Is there an analytical solution for the expected value of log sigmoid function to a normal distribution. This corresponds to the following integral:
$$ \int_{-\infty}^{+\infty} \log\left(\frac{1}{1+\exp(-x)}\right) \frac{1}{\sqrt{2\pi\sigma^2}} \exp\left(-\frac{(x-\mu)^2}{2\sigma^2}\right) dx $$
I checked with Wolfram|Alpha, but didn't get any answer.

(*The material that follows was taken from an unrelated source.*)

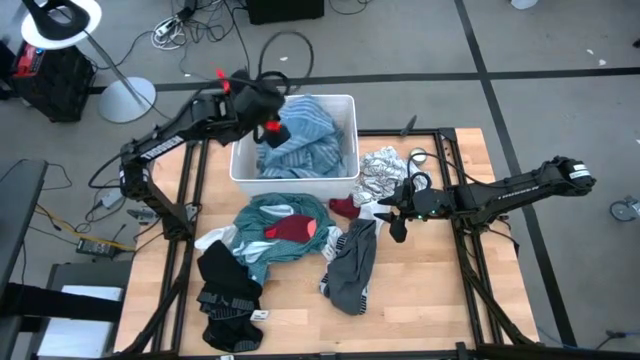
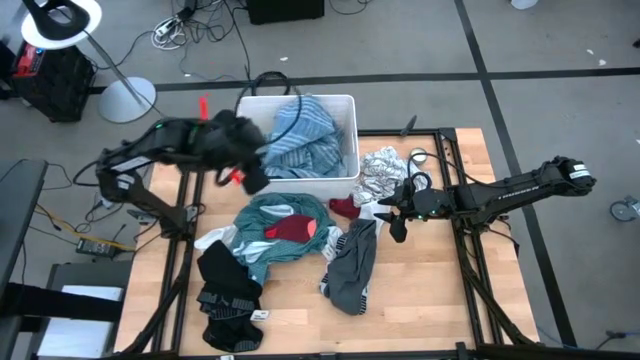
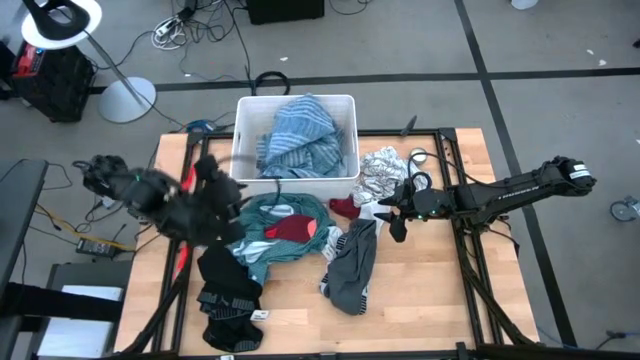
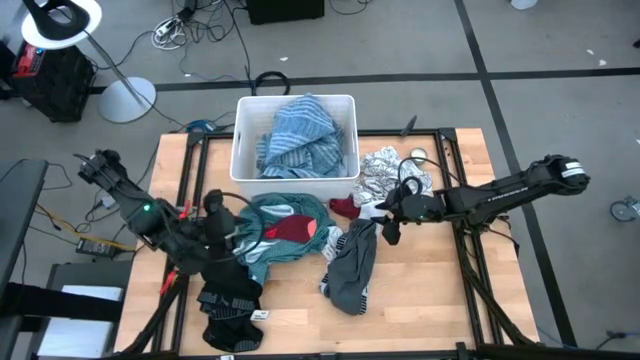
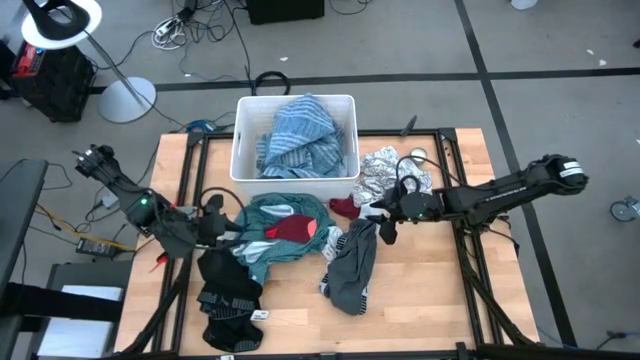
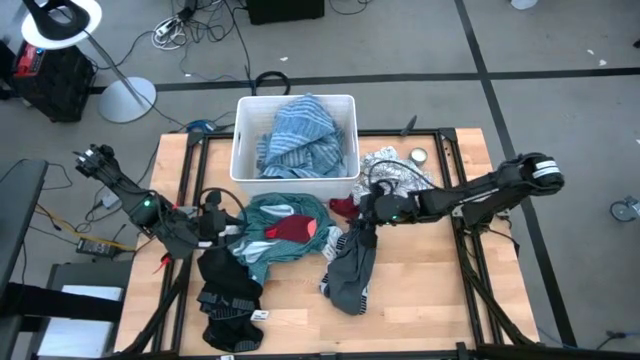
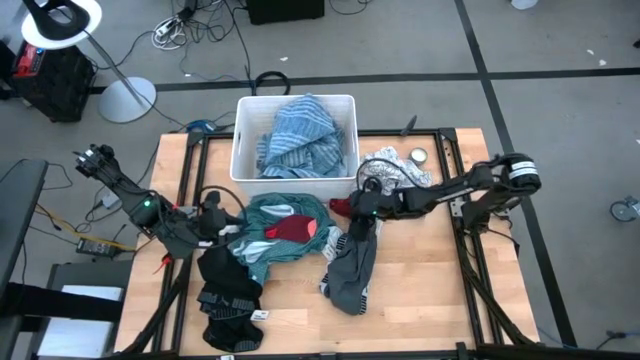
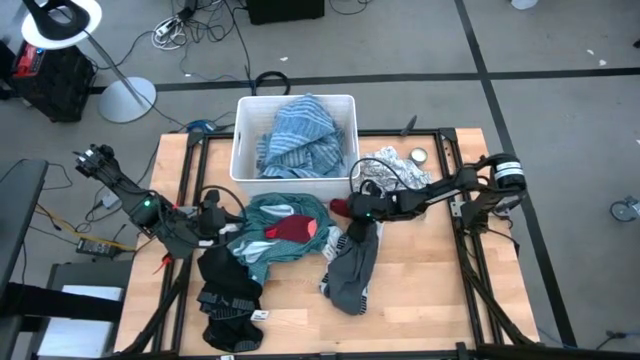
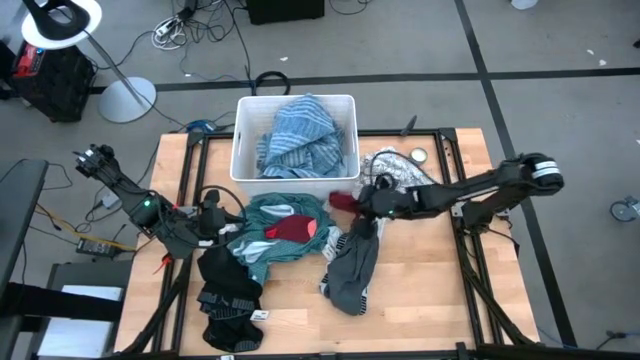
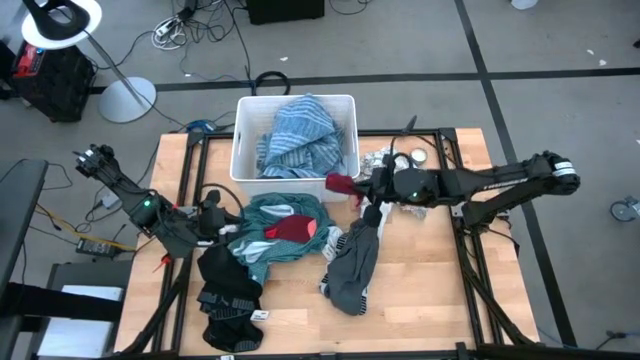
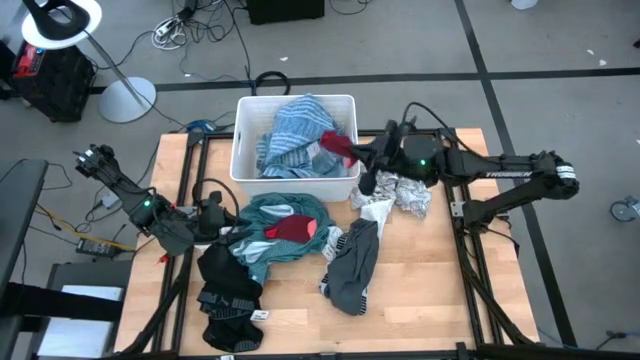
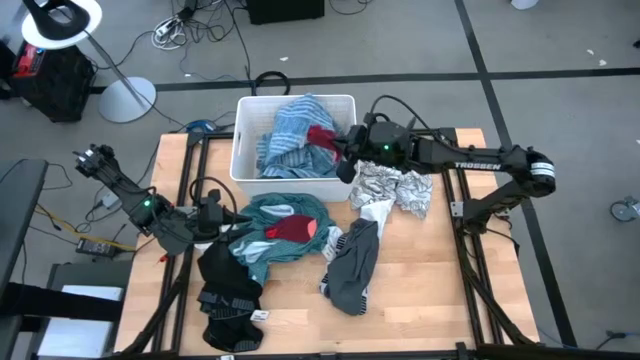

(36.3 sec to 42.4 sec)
Task: Sort clothes
Put the red sock into the white laundry bin

One possible approach is below.
Your integral is $$ \begin{split} I &= \frac{-1}{\sqrt{2\pi\sigma^2}} \int_{-\infty}^{+\infty} \log\left(1+\exp(-x)\right) \exp\left(-\frac{(x-\mu)^2}{2\sigma^2}\right) dx \\ &= \frac{-1}{\sqrt{2\pi}} \int_{-\infty}^{+\infty} \log\left(1+e^{-\mu - \sigma u}\right) e^{-u^2/2} du \end{split} $$ and now expand $\ln(1+y)$ into Taylor series, and integrate term-by-term. Not sure If you can find a closed form expression for the final result, but you may have a good chance.
A possibly good approximation is to cut off the Taylor series after a couple of terms and integrate by parts what you can in the result.